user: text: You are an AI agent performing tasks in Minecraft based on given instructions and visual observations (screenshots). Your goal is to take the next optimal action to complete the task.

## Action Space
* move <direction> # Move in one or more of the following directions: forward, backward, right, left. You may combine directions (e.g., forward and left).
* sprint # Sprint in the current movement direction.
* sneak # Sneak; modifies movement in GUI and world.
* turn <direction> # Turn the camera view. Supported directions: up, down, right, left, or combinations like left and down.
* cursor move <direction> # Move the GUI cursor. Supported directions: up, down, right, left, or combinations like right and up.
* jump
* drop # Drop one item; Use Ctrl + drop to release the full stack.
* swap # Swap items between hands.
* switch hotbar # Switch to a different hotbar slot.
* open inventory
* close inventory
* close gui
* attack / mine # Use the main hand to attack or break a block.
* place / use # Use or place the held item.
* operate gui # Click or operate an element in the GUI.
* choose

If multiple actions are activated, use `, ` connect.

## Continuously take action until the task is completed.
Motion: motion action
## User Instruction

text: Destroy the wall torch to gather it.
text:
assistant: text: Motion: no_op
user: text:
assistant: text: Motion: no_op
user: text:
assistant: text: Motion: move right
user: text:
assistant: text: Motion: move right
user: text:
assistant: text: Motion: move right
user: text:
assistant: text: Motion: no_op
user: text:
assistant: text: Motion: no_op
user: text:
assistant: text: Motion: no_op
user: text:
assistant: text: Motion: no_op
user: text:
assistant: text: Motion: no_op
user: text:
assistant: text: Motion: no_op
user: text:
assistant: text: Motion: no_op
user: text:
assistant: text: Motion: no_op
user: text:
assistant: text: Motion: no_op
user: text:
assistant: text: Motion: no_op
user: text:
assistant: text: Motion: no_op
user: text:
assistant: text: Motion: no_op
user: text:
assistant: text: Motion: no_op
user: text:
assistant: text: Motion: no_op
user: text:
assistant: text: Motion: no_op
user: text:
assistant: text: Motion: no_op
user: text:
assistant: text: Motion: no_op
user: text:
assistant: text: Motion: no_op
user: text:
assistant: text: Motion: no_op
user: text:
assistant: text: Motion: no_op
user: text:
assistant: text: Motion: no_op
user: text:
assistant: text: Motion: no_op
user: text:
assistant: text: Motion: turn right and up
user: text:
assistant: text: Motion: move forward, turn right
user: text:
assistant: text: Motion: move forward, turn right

---

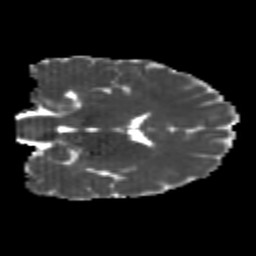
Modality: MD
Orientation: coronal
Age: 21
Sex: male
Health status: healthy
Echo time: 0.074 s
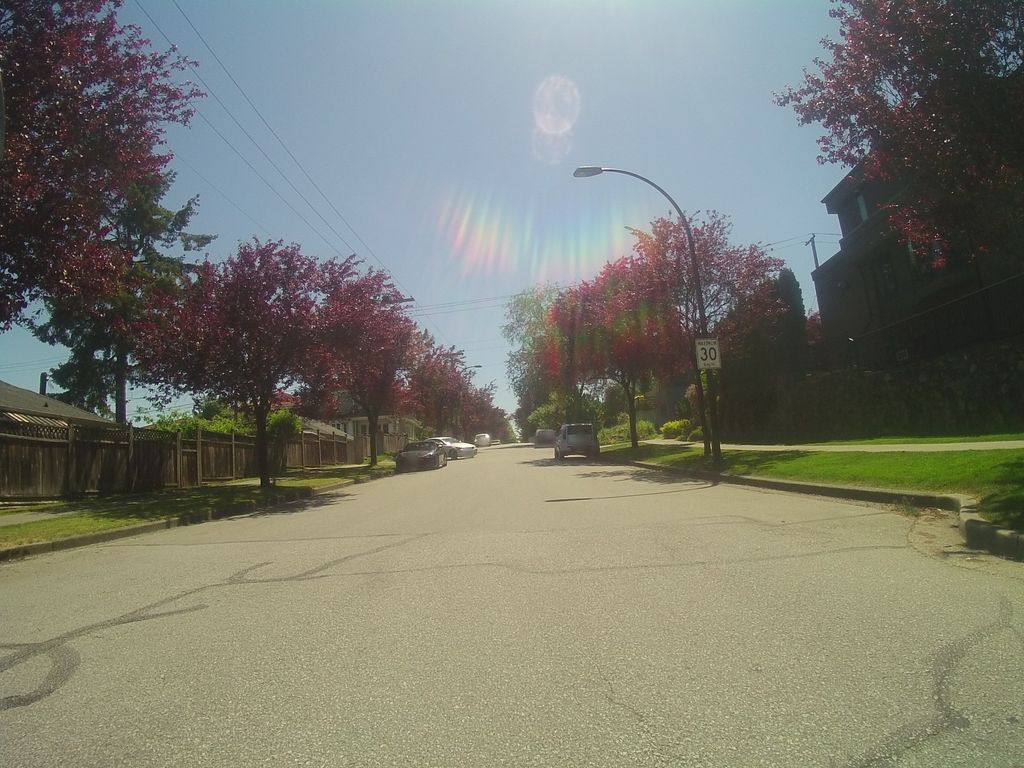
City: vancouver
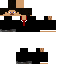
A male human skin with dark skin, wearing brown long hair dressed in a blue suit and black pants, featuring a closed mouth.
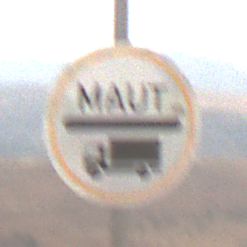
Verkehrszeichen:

WHAT YOU ARE ASKED TO DO - Select all lines in the listing that include the word "turn".

ANSWER BOX -
* turn <direction> # Turn the camera view. Supported directions: up, down, right, left, or combinations like left and down.
assistant: text: Motion: turn right and up
assistant: text: Motion: move forward, turn right
assistant: text: Motion: move forward, turn right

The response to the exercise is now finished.